8 years ago I wrote a blog post on Jirnil, (a little Medium-esque app I’d built while interning for the FCC) titled: “Google Search Is Dead”.
RageChill had been getting popular. To track usage and commentary, I’d type in “ragechill” into Chrome and hit enter. I got the same 3 articles each time: Mashable, regarding our IE debacle; one YouTube review; and a Reddit thread.
Then I’d go to search.twitter.com. The results were evocative. People tweeting at their friends, commenting on songs they were hearing, complaining about the app breaking. It felt alive, with new mentions and tweets and thoughts every few minutes.
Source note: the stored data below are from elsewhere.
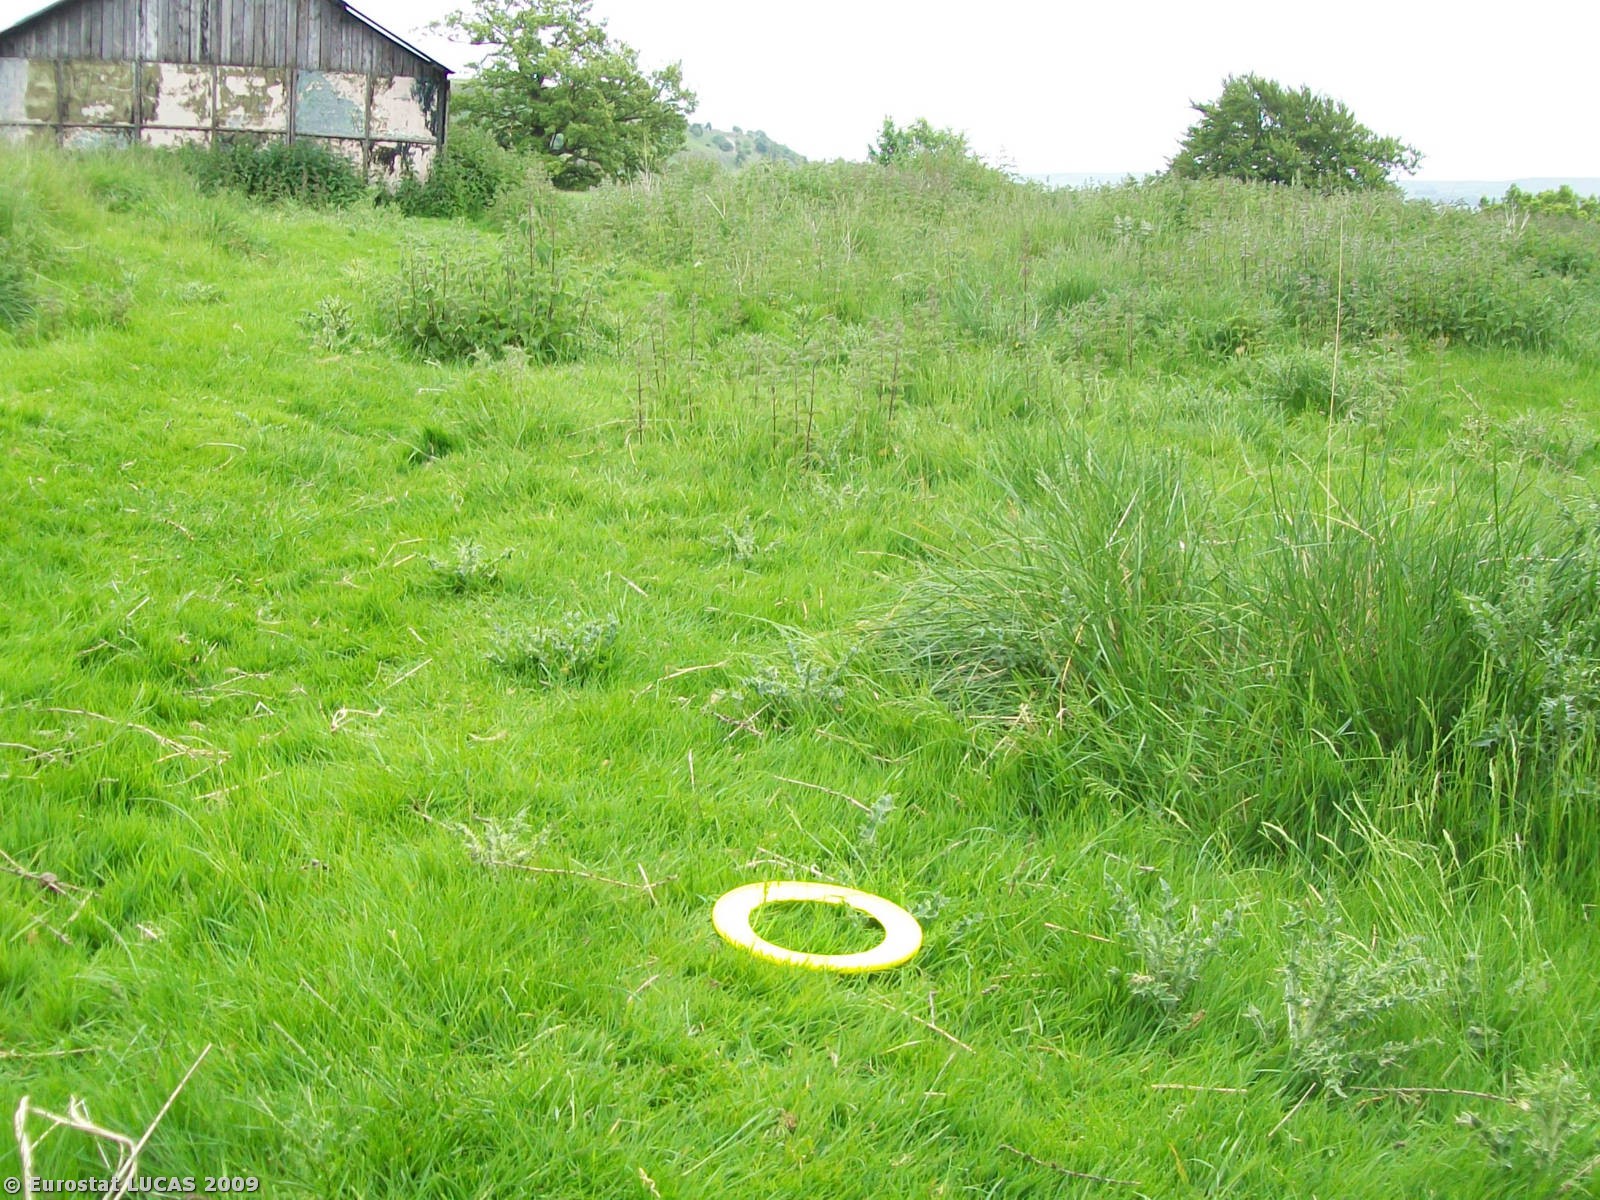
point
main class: Grassland
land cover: Grassland without tree/shrub cover
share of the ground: > 75 %
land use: Agriculture (excluding fallow land and kitchen gardens)
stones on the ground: < 10 %
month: June
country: GB
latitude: 54.7486
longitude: -2.0023
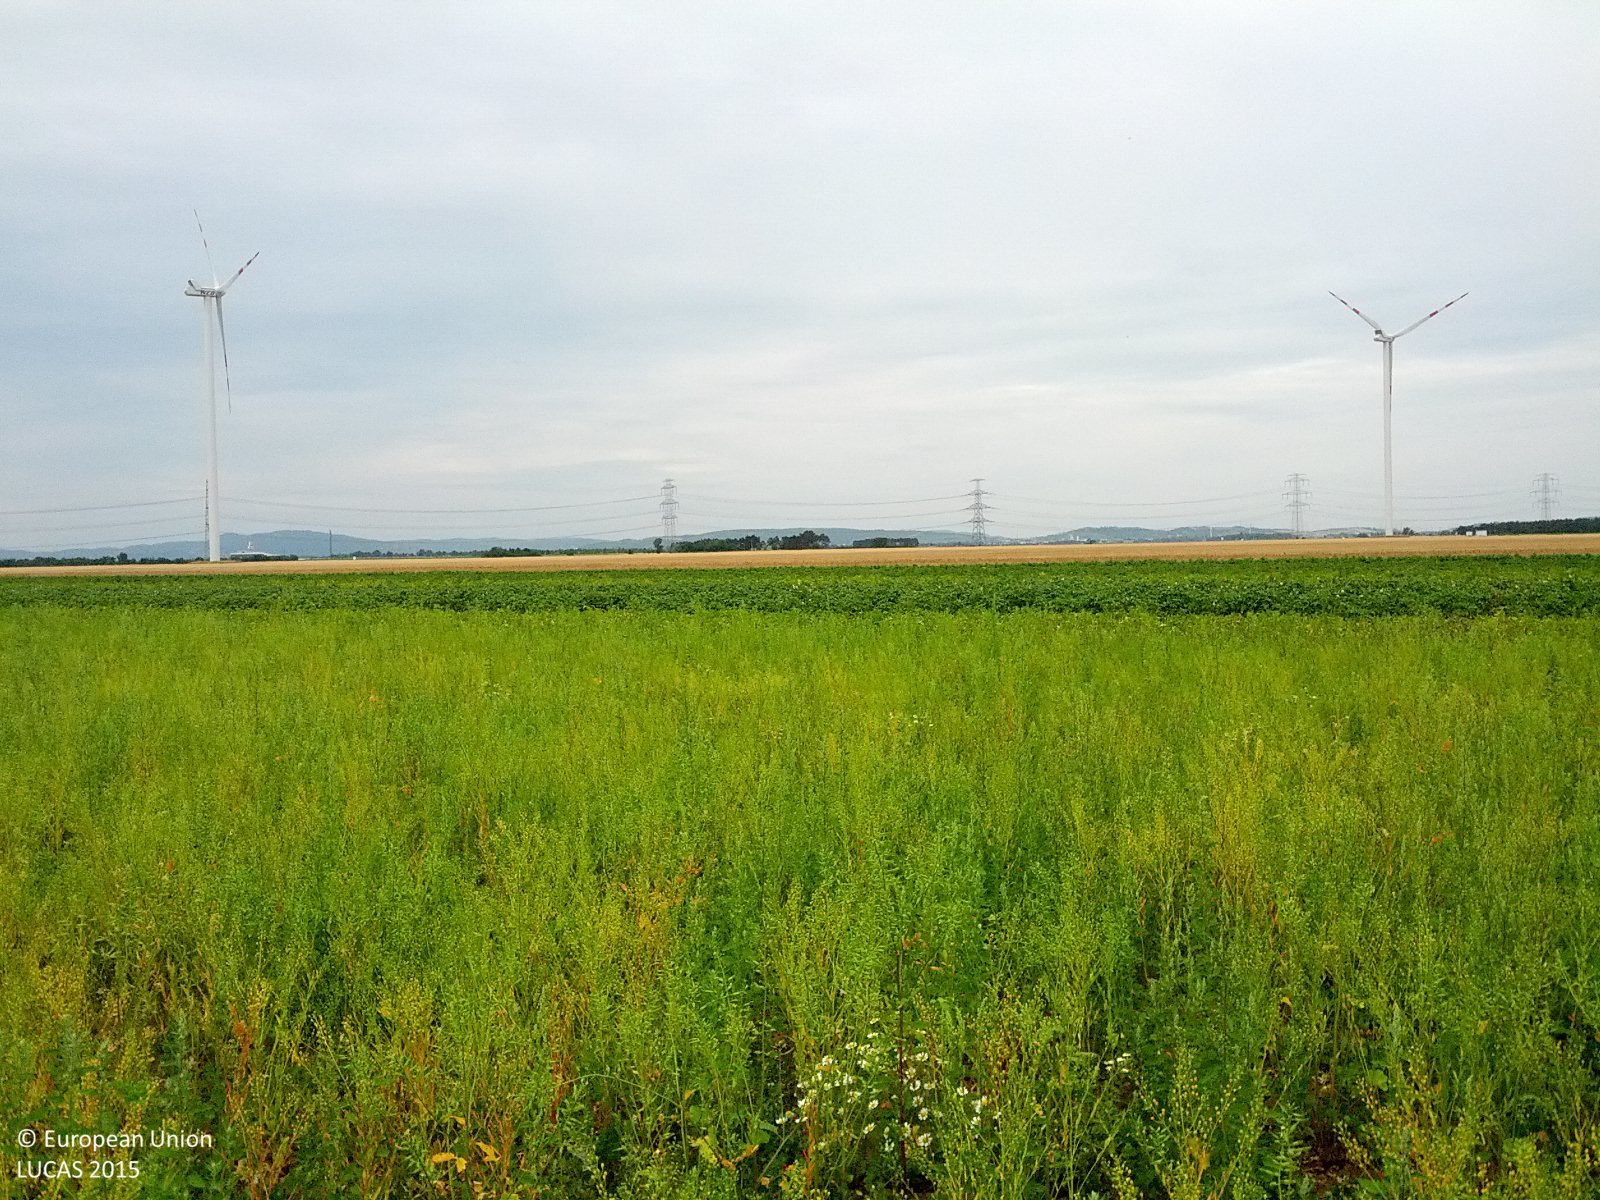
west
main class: Cropland
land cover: Clovers
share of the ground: 25 - 50 %
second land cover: Other fibre and oleaginous crops
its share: 25 - 50 %
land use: Agriculture (excluding fallow land and kitchen gardens)
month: June
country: AT
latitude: 48.3178
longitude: 16.5463

Twitter was at least 100x more valuable than Google in keeping track of what people were saying about RageChill.
I think I was quick to judge Google search as dead, but the trend has continued. In the past week, I’ve seen more vocal complaints about the degraded results people are getting on Google. It’s nearly impossible to find the weird, quirky, interesting, intellectual web of 15 years ago. Google is now the YellowPages.
DHH/Jason complain about Monday.com advertising above their results. It takes multiple pages of scrolling just to get to genuine results. When I was trying to research Hemingway’s travels in 1939, all I could seem to get were Amtrak ads - despite how much I twisted the search keywords. Ben Thompson wrote about this very issue yesterday in the Stratechery.
Google feels very static. Static in a way Google Maps, Twitter, and YouTube don’t feel. And because of that, my searches have slowly drifted elsewhere without any sort of conscious decision on my part.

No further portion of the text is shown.